Four Key Vectors Emerge as Top Blockchain, Crypto Risks
A new study by device-to-cloud cybersecurity firm McAfee has identified four key attack vectors comprising the cybersecurity risks involving blockchain-based digital currencies. In the study called “Blockchain Threat Report,” McAfee reiterates the need for making cybersecurity a top priority as blockchain technologies gain widespread adoption.
The study has pointed out fraud schemes, phishing, malware, technology vulnerabilities, and implementation exploits. It added that bad actors in the industry had been aggressively taking advantage of the swift adoption of digital currencies, as well as the early adopters of the platform.
The researchers stated:
“As blockchain technology continues to both positively and negatively disrupt global industries, we must be diligent about the security implications. As we’ve seen, cybercriminals will find creative ways to reach their goals. Although the blockchain has been well researched and answers many questions regarding decentralized trust, it does not address the security of users or the applications that connect to its network. We have seen insecure behavior via brain wallets lead to theft of cryptocurrencies.”
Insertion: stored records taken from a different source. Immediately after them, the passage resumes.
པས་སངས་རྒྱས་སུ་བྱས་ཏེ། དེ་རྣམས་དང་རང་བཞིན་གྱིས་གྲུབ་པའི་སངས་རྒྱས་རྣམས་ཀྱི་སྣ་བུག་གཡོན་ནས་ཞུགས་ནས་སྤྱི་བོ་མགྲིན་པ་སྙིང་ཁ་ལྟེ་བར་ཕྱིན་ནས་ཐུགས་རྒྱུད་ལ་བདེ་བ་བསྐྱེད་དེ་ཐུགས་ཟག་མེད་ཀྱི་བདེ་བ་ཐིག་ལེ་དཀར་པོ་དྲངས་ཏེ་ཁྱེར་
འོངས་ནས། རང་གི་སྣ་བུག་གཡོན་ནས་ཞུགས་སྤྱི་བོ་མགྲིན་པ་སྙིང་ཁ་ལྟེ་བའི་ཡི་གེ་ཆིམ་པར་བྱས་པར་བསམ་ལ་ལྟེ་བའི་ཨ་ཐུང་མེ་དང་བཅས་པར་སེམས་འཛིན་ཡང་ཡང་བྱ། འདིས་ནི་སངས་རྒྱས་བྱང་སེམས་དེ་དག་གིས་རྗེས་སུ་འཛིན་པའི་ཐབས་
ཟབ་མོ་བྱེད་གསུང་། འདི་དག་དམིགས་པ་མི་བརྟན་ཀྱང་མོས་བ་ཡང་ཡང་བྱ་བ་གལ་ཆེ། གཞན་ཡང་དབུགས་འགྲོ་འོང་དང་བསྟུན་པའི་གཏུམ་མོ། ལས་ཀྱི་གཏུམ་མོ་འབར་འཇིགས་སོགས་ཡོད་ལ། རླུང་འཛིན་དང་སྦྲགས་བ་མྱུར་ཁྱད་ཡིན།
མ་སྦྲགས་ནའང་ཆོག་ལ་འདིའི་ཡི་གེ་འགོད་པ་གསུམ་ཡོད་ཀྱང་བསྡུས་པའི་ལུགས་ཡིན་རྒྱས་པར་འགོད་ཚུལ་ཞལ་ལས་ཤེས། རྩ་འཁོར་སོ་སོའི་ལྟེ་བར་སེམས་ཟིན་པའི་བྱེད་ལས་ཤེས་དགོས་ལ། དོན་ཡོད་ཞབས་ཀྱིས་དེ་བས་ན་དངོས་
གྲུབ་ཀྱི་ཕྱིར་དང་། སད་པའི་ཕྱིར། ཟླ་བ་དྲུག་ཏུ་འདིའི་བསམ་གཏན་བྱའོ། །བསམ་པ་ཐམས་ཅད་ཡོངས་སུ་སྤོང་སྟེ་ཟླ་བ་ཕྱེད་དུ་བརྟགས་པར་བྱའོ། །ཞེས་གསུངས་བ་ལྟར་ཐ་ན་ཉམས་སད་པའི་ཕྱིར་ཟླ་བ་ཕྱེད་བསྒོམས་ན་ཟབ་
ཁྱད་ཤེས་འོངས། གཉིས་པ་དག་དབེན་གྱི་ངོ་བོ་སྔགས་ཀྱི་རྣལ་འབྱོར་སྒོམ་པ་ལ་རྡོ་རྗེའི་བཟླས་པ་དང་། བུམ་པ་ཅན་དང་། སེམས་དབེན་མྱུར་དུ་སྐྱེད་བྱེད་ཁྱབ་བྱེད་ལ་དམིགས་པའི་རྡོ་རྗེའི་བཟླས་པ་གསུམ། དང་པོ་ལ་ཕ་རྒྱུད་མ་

They said that criminals have learned to use both new and old techniques to launch attacks with a high degree of success, like the dictionary attacks launched against private keys. They said that traditional phishing attacks are also being used to manipulate computers and steal crypto wallets.
The researchers added:
“And we observed that not only blockchain users are targeted. The primary commercial adopters of blockchain are cryptocurrency exchanges, which have suffered from an unending barrage of successful attacks. Government regulators are struggling to keep up with and understand the legal implications of losses due to cyber attacks.”
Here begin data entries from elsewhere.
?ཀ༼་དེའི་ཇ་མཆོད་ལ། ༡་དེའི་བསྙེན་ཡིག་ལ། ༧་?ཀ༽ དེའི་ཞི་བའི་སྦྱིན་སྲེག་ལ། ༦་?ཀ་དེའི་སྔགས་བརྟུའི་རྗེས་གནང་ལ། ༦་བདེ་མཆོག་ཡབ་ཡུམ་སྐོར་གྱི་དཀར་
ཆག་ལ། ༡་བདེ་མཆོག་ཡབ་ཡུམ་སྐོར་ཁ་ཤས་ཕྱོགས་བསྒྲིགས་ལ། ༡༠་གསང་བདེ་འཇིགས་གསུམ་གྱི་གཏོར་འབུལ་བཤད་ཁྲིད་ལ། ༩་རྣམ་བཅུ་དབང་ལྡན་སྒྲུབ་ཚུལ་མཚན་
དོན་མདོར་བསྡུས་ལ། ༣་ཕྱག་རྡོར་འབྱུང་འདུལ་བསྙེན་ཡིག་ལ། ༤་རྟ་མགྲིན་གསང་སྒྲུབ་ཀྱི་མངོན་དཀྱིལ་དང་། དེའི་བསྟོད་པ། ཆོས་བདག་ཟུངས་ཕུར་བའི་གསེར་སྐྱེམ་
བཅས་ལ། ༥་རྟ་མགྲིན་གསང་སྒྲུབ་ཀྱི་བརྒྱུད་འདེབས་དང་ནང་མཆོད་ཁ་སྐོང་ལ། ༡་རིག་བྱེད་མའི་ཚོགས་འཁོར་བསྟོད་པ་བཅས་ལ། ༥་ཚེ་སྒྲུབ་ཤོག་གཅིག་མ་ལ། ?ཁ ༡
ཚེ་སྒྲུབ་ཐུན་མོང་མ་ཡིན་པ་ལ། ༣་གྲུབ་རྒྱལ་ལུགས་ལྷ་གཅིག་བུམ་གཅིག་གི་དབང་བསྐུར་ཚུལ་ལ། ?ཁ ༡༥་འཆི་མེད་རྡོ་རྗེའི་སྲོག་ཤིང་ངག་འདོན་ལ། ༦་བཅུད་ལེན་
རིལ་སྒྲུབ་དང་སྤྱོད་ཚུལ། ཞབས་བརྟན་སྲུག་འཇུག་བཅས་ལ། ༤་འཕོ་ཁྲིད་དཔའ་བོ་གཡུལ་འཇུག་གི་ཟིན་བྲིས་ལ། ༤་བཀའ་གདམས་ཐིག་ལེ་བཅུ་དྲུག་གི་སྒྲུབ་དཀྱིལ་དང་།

Raj Samani, chief scientist at McAfee, explained that like so many other new robust technologies, blockchain could have a revolutionary impact in solving authentic business problems, but only so long as security does not fall victim to the urgency to adopt the technology.
He went on to say:
“Given blockchain’s potential for creating value, and the tremendous enthusiasm to implement it, cybercriminals will seek every opportunity to strike at all available technical and human vulnerabilities in the emerging blockchain ecosystem. Governments, cybersecurity vendors, and businesses must be diligent in understanding the threats and minimizing the risks. Without adequate education for users and industry, secure implementation best practices, and strong technical security standards, the widespread adoption of blockchain by major industries and governments could end up costing billions of dollars and impacting millions of people.”
A separate study by Carbon Black showed that year-to-date, hackers have stolen nearly $1.1 billion worth of cryptocurrencies. According to the US-based cybersecurity company, despite the countermeasures applied by the industry, stealing cryptocurrency is still comparatively easy, with a malware costing just $224 and could go as low as $1.04 if bought on the dark web.